KELAY – Pembangunan dan penguatan infrastruktur konektivitas wilayah menjadi sorotan utama dalam Musyawarah Perencanaan Pembangunan (Musrenbang) Kecamatan Kelay tahun 2026. Akses jalan dan jembatan yang belum terhubung optimal dinilai masih menjadi penghambat utama aktivitas ekonomi dan pelayanan masyarakat di wilayah pedalaman Berau.
Camat Kelay Toris menyampaikan, mayoritas usulan yang disampaikan masyarakat kampung berkaitan langsung dengan infrastruktur dasar, terutama jalan dan jembatan penghubung antarwilayah. Usulan tersebut merupakan hasil Musrenbang di 14 kampung yang digelar sepanjang Januari 2026.
Salah satu prioritas utama yang kembali diusulkan adalah kelanjutan pembangunan jalan tembus Kampung Long Lanuk menuju ke Kampung Merapun. Ruas ini dinilai strategis karena mampu memangkas jarak tempuh dari sekitar 190 kilometer menjadi kurang lebih 80 kilometer jika tersambung sepenuhnya.
“Kalau jalan tembus ini selesai, konektivitas antar kampung akan jauh lebih cepat dan biaya transportasi masyarakat bisa ditekan,” ujar Toris saat menyampaikan usulan musrenbang Kecamatan Kelay, Selasa (10/2/2026).
Selain jalan tembus, masyarakat juga mengusulkan peningkatan jalan poros kampung, termasuk ruas menuju Kampung Panaan dan Merabu. Kondisi jalan yang masih terbatas dinilai menyulitkan mobilitas warga, terutama saat musim hujan.
Di sektor jembatan, lanjutan pembangunan jembatan Sungai Kelay serta jembatan Bailey kembali masuk daftar prioritas. Keberadaan jembatan tersebut sangat dibutuhkan untuk menjamin akses logistik dan keselamatan warga yang selama ini masih bergantung pada jalur darurat.
Musrenbang Kelay juga menyoroti pentingnya pembangunan dan penyempurnaan jalan lingkar dalam. Infrastruktur ini diproyeksikan menjadi jalur alternatif utama untuk menghubungkan ibu kota kecamatan dengan kampung-kampung di wilayah hulu.

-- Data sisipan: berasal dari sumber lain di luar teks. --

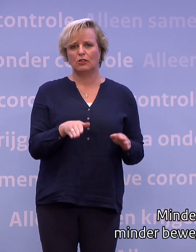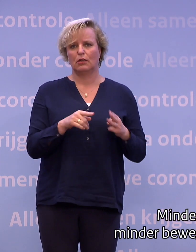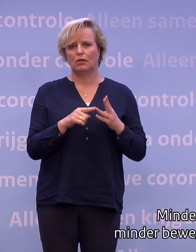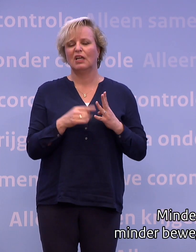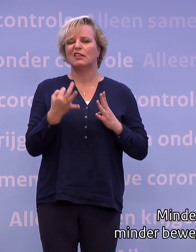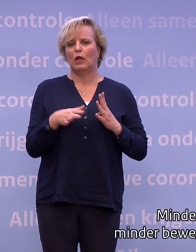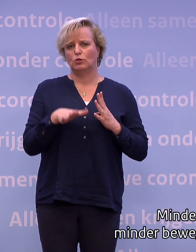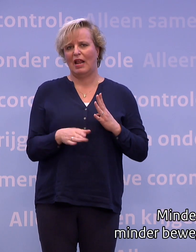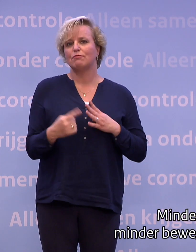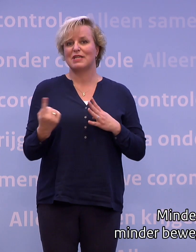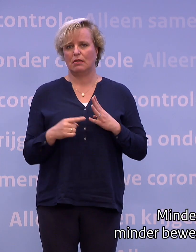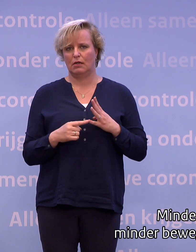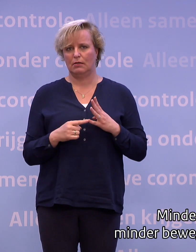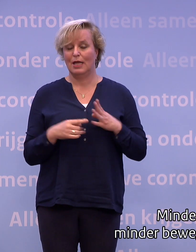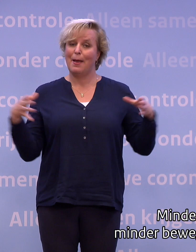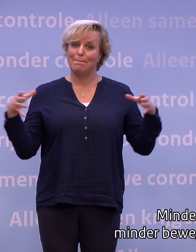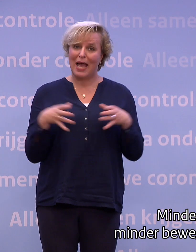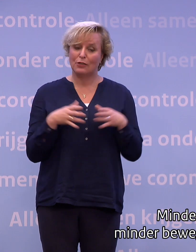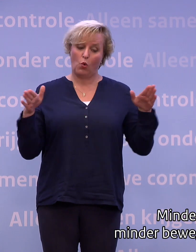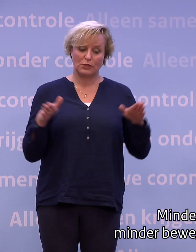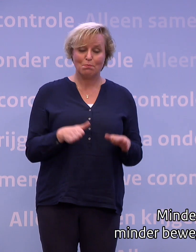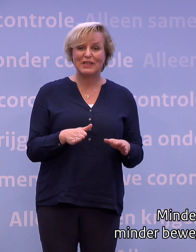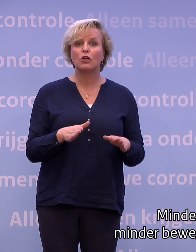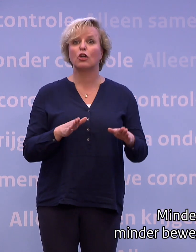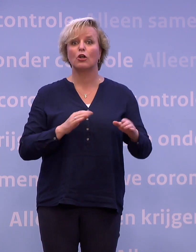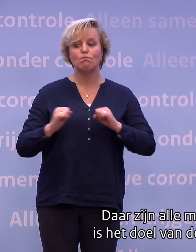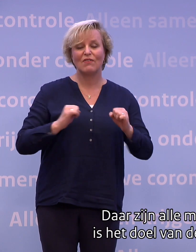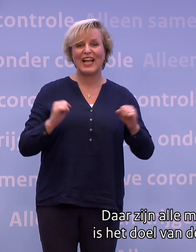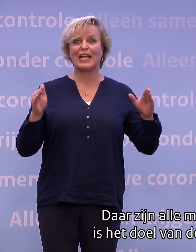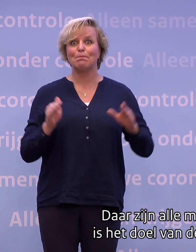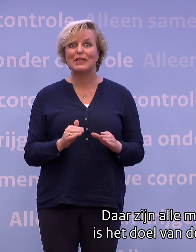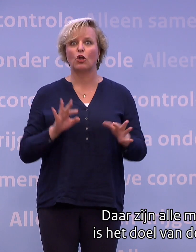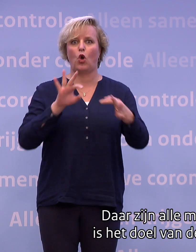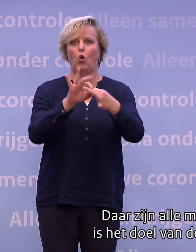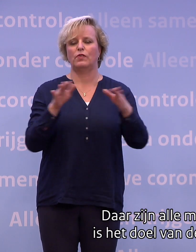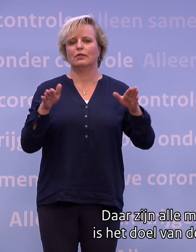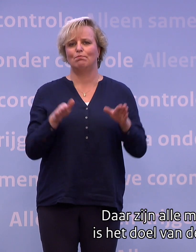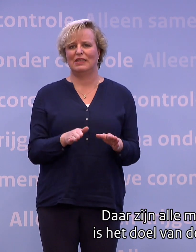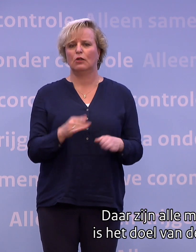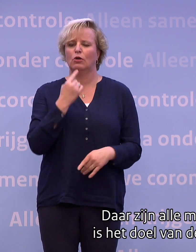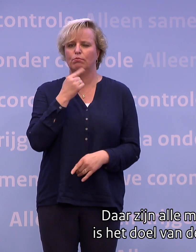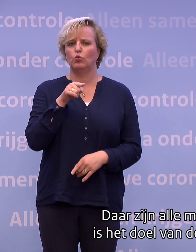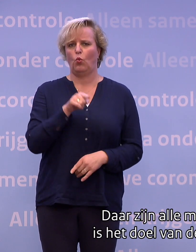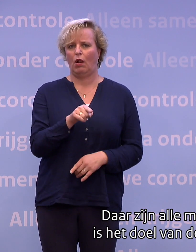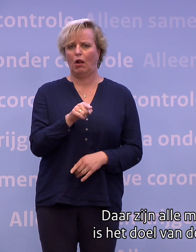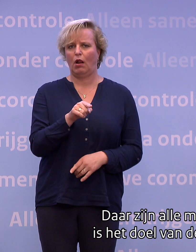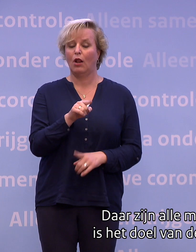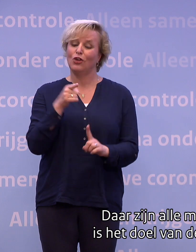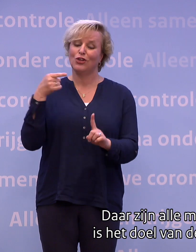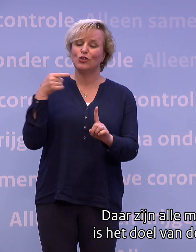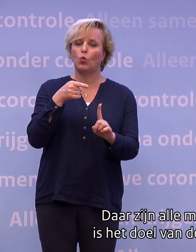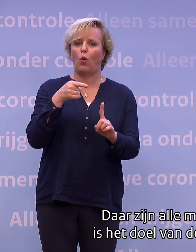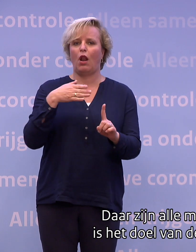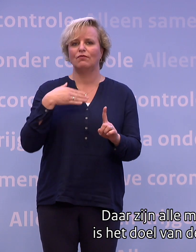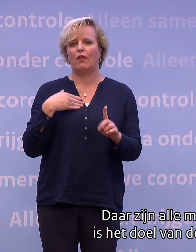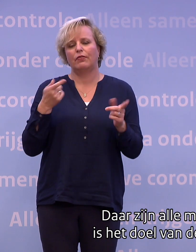Minder bijeenkomsten, minder bewegingen, minder contact. Daar zijn alle maatregelen opgericht. Dat is het doel van deze

Pemerintah kecamatan berharap, usulan infrastruktur tersebut dapat menjadi perhatian utama pemerintah daerah mengingat konektivitas wilayah merupakan kunci pemerataan pembangunan di Kecamatan Kelay.
“Tanpa jalan dan jembatan yang layak, sulit mendorong pertumbuhan ekonomi dan meningkatkan kualitas pelayanan dasar bagi masyarakat,” pungkasnya. (Man)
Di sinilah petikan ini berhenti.